- The paper introduces PromptPG, a reinforcement learning approach that selects optimal in-context examples to enhance GPT-3's performance on math word problems.
- It presents the TabMWP dataset with over 38K grade-level problems integrating text and tabular data for multi-step reasoning.
- Experiments show PromptPG improves accuracy by 5.31% over baselines, stabilizing predictions on semi-structured problems.
Dynamic Prompt Learning via Policy Gradient for Semi-structured Mathematical Reasoning
The paper presents an investigation into the ability of LLMs, specifically GPT-3, to solve math word problems (MWPs) incorporating semi-structured data.
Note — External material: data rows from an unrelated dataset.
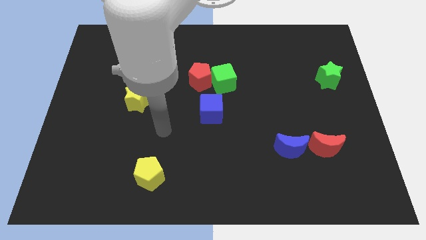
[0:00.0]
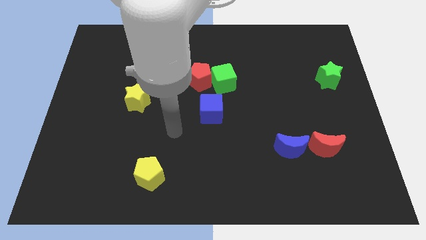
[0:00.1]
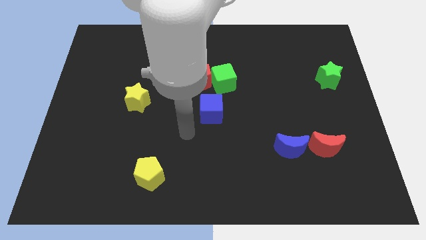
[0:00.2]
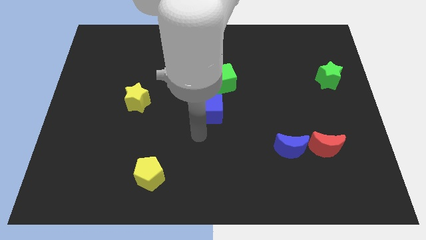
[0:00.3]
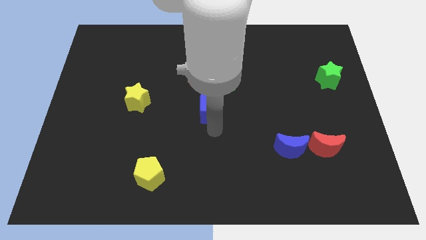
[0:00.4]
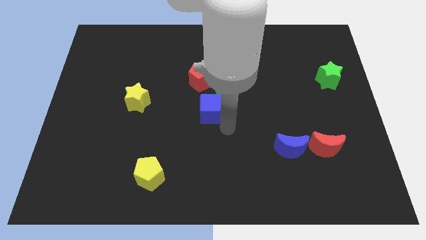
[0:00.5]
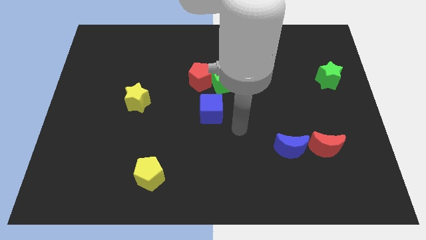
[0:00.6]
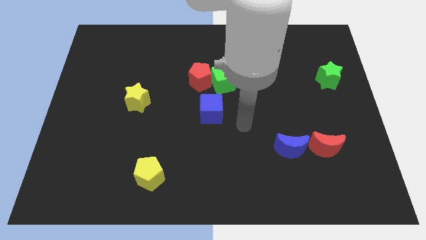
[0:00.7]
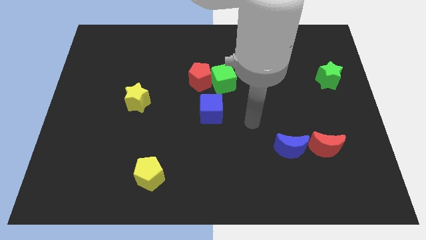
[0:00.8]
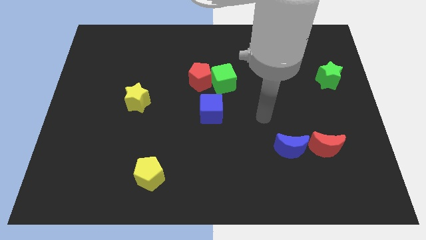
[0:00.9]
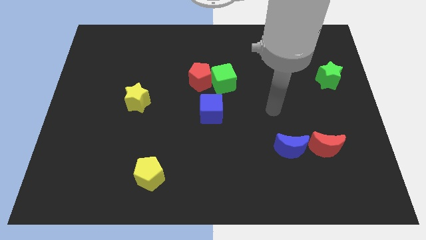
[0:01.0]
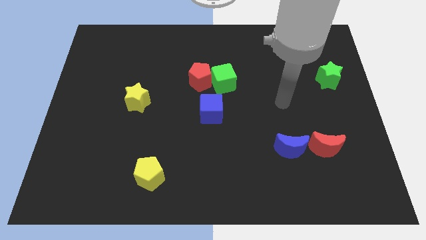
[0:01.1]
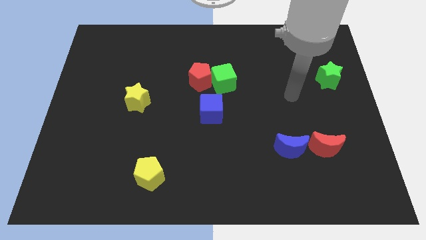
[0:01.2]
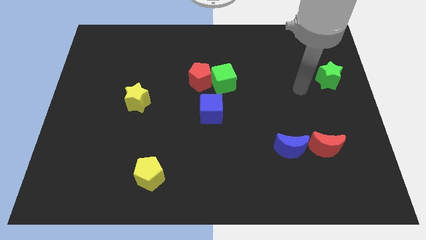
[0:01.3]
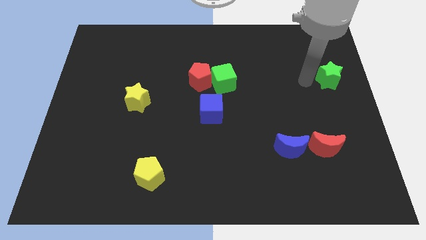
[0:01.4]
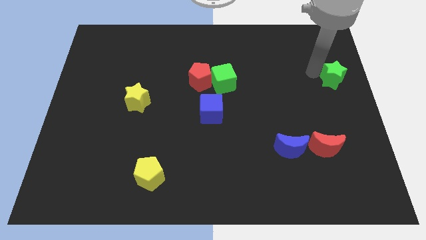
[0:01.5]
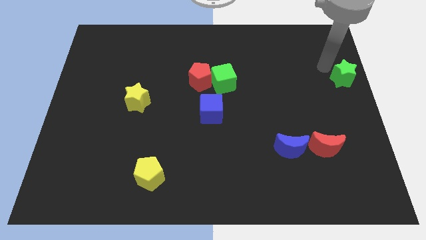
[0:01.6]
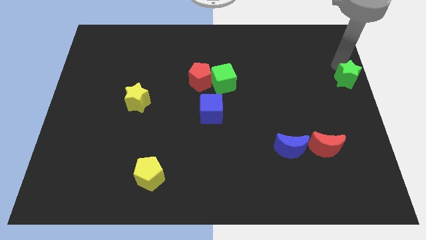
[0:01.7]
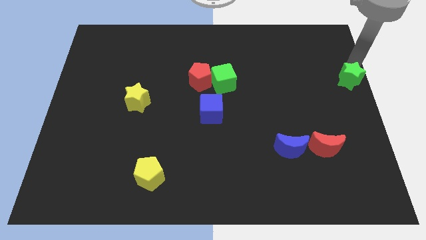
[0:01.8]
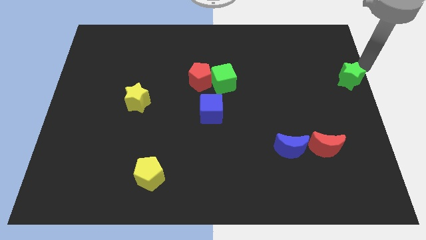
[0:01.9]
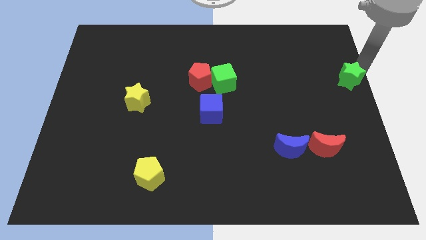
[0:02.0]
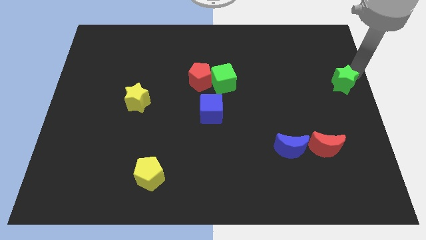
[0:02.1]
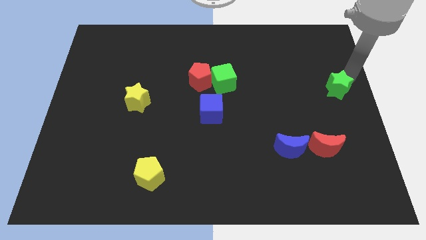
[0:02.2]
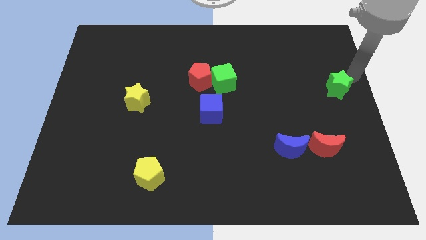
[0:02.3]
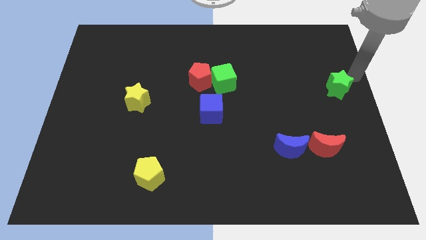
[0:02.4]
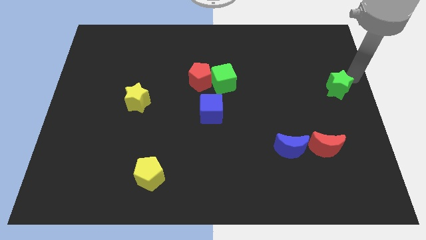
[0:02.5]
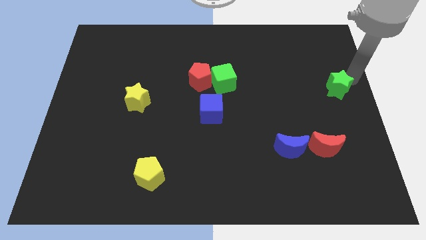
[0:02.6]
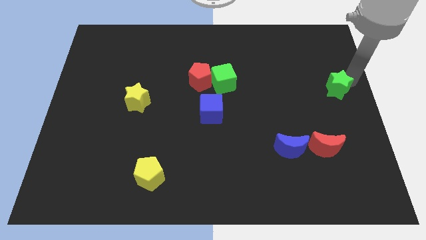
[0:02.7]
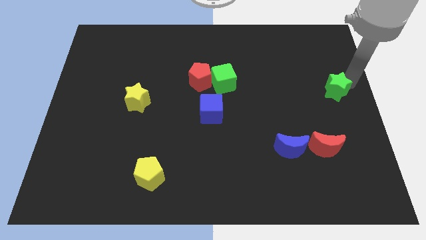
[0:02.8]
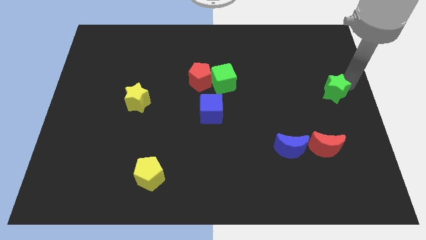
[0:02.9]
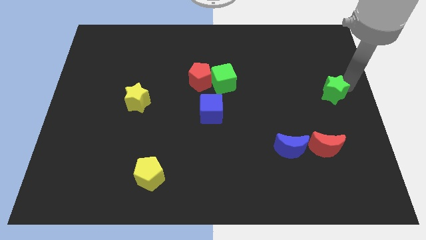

Building on the recent success of LLMs in natural language processing tasks, this research explores an innovative approach called PromptPG, which harnesses policy gradient methods to dynamically select prompts for problem-solving.
Overview and Dataset
The authors introduce a new dataset, Tabular Math Word Problems (TabMWP), which consists of 38,431 open-domain, grade-level problems requiring mathematical reasoning over textual and tabular data. Each problem comprises a question and a corresponding tabular context presented in multiple formats: image, semi-structured text, and structured table. This dataset adds complexity to the standard MWP tasks as it demands integration of heterogeneous information.
TabMWP consists of free-text and multiple-choice questions, annotated with gold solutions to elucidate the multi-step reasoning required to solve each problem. The ability to reason over diverse data types in this context represents a significant evolution beyond traditional MWP datasets that primarily involve unstructured text.
Existing Challenges
While GPT-3 and its few-shot capabilities are significant advancements, their performance on complex problems such as those in TabMWP can be unstable, often deteriorating to near chance levels depending on the selection of in-context examples. This instability arises mainly when models need to handle multi-faceted data derived from varied question types and table structures.
Proposed Solution: PromptPG
To address this, the paper proposes PromptPG, a novel method using reinforcement learning. By applying policy gradient techniques, PromptPG learns to select the most suitable in-context examples to include in the prompts fed to the model. This method contrasts with random selection strategies traditionally employed, which do not reliably improve model stability.
The approach involves training an agent interacting with GPT-3, optimizing its performance by dynamically choosing examples that demonstrate the highest prediction accuracy. PromptPG builds on BERT-generated embeddings and applies a policy gradient strategy to guide the agent's decisions, ultimately reducing prediction variance and improving overall accuracy.
Experimental Validation
The authors conduct extensive experiments to benchmark several existing QA methods, GPT-3 in various settings, and PromptPG against the TabMWP dataset. The results indicate that PromptPG surpasses state-of-the-art baselines by 5.31% in accuracy, a noteworthy performance increase. Further, it stabilizes prediction outcomes significantly better than random selection methods. Additionally, the research explores how factors such as training set size and candidate selection affect the learning algorithm, identifying optimal configurations for best results.
Implications and Future Directions
This work demonstrates significant implications for the QA and AI fields. First, it establishes a new benchmark with TabMWP for evaluating models on problems requiring reasoning across structured and unstructured data modalities. Furthermore, PromptPG's framework underscores the potential of integrating reinforcement learning with LLMs to enhance their problem-solving capabilities in semi-structured environments.
Prospective research could explore scaling PromptPG to handle even more complex datasets or adapting it to other domains involving structured data. Additionally, further refining extraction methodologies or integrating holistic reasoning strategies could drive improvements in downstream applications utilizing AI for semi-structured data reasoning tasks.
In summary, this paper contributes an innovative dataset and a reinforcement learning-based approach that together push the boundaries of machine reasoning in handling complex mathematical problems interwoven with multi-modal data.